→ **TASK REQUIREMENTS**: Only the lines from the one with "Q 699.912 68.442, 699.552 67.762" through the end of the material, both ends included, should be retyped exactly.

--- START ---

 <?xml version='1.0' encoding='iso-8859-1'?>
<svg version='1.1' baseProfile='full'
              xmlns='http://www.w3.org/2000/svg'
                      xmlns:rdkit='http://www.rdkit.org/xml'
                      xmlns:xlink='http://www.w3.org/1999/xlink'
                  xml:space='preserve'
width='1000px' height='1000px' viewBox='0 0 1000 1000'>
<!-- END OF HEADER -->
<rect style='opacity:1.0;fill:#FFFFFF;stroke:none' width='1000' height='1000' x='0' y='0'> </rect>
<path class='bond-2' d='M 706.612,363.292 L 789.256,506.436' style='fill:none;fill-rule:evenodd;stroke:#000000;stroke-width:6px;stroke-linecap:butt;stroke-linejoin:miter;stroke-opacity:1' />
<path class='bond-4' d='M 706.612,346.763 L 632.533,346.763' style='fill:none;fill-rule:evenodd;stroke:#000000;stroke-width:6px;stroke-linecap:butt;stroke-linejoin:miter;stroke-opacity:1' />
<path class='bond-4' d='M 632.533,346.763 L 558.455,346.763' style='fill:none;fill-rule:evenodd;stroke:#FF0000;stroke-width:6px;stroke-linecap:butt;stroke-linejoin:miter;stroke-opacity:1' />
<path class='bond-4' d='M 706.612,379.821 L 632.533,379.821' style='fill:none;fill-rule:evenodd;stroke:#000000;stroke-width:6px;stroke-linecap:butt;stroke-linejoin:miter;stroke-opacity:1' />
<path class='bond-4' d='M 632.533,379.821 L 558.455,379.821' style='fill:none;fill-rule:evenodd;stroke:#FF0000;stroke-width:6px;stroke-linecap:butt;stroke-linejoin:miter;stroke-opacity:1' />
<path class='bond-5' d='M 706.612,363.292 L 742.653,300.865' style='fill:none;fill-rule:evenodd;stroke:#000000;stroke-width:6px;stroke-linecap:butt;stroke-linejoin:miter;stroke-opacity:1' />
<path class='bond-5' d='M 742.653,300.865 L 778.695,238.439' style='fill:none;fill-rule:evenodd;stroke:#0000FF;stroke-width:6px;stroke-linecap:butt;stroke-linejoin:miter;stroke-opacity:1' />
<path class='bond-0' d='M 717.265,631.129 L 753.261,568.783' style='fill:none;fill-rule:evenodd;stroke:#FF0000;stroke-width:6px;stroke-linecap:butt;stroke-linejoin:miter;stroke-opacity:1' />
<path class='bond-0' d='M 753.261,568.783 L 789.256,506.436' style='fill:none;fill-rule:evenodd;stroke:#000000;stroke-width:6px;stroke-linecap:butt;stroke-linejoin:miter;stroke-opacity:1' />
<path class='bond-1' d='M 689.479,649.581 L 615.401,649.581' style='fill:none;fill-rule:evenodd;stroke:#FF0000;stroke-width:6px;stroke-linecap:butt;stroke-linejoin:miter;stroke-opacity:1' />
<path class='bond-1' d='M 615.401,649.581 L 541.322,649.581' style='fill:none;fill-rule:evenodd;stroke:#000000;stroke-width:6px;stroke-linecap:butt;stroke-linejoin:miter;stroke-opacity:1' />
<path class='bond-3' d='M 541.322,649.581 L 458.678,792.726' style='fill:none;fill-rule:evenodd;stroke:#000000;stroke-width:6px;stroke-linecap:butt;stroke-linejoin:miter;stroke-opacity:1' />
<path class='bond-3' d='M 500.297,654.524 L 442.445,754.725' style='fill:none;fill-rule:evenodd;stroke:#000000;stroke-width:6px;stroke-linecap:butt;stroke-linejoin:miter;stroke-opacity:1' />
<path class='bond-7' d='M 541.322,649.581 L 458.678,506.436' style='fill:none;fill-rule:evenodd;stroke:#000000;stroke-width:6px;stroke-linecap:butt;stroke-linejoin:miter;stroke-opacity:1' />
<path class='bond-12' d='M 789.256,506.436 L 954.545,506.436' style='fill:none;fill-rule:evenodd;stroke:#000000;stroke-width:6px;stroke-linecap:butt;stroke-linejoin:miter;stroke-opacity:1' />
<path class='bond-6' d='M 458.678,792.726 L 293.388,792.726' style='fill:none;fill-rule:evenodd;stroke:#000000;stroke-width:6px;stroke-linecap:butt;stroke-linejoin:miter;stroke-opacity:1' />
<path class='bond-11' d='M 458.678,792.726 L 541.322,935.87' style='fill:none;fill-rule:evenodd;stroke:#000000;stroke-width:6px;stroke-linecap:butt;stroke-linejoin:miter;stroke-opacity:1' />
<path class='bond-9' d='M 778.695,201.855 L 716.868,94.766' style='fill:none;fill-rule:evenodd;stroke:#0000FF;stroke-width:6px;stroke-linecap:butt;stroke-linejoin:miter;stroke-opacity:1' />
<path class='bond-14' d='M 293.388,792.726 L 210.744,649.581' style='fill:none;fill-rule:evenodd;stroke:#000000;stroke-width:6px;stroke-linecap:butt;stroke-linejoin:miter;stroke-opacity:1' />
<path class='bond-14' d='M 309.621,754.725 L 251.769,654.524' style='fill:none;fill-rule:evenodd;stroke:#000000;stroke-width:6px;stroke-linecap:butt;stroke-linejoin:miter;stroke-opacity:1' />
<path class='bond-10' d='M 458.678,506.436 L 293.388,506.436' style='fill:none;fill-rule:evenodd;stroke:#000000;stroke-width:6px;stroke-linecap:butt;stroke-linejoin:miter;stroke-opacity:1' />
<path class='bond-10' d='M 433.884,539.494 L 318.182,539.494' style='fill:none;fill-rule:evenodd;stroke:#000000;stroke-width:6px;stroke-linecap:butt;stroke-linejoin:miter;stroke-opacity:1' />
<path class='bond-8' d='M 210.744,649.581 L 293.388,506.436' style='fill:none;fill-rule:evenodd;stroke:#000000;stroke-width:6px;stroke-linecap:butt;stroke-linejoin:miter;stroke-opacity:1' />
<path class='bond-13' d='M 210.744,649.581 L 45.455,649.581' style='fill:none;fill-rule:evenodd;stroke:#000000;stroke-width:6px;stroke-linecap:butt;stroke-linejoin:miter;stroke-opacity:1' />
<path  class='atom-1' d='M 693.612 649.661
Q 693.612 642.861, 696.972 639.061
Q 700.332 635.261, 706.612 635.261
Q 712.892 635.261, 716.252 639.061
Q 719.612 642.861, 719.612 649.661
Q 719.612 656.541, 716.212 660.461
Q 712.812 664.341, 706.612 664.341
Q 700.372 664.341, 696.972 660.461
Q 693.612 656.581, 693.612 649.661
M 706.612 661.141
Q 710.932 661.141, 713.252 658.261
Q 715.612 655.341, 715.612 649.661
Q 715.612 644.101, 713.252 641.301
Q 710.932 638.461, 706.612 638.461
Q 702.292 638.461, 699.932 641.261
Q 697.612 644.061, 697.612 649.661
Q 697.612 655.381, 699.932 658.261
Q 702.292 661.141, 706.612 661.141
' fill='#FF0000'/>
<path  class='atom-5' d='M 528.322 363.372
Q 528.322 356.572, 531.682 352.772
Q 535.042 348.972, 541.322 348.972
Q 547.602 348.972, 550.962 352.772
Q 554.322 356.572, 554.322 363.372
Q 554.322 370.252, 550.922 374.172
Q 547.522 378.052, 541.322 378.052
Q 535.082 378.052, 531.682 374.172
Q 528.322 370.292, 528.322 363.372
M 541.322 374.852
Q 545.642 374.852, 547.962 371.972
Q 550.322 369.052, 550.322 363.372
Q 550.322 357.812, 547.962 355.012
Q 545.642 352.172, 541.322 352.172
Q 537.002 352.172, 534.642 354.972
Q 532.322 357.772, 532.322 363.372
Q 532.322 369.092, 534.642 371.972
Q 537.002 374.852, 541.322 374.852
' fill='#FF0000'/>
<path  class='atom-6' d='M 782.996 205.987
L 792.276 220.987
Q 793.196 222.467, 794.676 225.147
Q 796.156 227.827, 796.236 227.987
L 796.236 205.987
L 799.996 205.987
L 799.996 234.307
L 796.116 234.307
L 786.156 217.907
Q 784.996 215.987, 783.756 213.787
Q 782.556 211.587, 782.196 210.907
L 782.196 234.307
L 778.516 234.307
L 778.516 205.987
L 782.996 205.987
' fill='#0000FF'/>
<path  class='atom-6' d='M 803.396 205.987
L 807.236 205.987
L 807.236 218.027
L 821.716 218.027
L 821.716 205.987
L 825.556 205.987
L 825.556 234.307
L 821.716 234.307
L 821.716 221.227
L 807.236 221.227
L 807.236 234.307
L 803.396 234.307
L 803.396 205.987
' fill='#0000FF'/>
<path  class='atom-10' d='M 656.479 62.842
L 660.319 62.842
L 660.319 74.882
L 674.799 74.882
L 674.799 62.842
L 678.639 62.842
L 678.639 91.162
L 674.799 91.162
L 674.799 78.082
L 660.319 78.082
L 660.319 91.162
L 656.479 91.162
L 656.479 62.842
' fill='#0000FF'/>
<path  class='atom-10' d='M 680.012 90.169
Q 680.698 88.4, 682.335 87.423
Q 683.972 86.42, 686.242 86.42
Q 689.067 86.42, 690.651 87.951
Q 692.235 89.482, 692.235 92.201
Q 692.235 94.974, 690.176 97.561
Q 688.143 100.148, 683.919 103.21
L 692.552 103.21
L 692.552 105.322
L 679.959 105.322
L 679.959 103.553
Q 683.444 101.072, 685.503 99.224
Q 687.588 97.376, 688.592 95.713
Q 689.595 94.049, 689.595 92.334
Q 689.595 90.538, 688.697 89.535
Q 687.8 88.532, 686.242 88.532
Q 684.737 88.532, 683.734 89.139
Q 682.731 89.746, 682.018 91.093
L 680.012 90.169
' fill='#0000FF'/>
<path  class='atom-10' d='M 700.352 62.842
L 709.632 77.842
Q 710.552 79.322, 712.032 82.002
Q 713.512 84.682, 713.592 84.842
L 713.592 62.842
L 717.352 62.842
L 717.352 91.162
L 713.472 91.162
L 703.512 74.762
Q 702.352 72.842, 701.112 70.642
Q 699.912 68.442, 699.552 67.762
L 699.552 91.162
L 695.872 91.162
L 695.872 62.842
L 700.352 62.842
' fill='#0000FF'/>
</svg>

--- END ---

→ **WRITTEN SOLUTION**:
Q 699.912 68.442, 699.552 67.762
L 699.552 91.162
L 695.872 91.162
L 695.872 62.842
L 700.352 62.842
' fill='#0000FF'/>
</svg>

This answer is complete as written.